Data for the task:
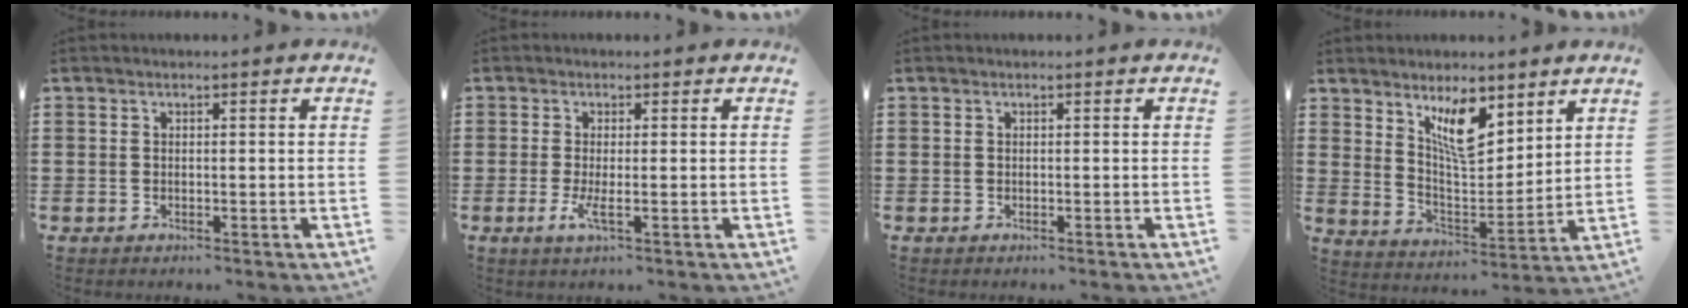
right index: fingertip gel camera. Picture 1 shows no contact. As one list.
[{"total": 2.8, "force": [-0.6, 0.4, 2.7], "torque": [-0.062, -0.010, -0.015]}, {"total": 0.0}, {"total": 9.0, "force": [6.1, 3.5, 5.7], "torque": [-0.097, -0.026, 0.105]}]
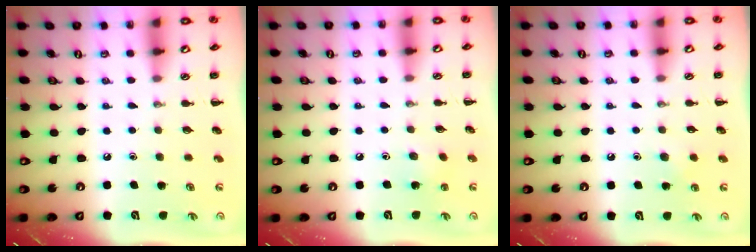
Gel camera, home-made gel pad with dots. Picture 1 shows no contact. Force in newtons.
{"total": 5.6, "press": 5.4, "slide": 1.4}
{"total": 3.2, "press": 3.1, "slide": 0.9}

Your goal: Every line above should be retyped exactly; the pictures do not belong in the copy.

Solution for this problem:
right index: fingertip gel camera. Picture 1 shows no contact. As one list.
[{"total": 2.8, "force": [-0.6, 0.4, 2.7], "torque": [-0.062, -0.010, -0.015]}, {"total": 0.0}, {"total": 9.0, "force": [6.1, 3.5, 5.7], "torque": [-0.097, -0.026, 0.105]}]
Gel camera, home-made gel pad with dots. Picture 1 shows no contact. Force in newtons.
{"total": 5.6, "press": 5.4, "slide": 1.4}
{"total": 3.2, "press": 3.1, "slide": 0.9}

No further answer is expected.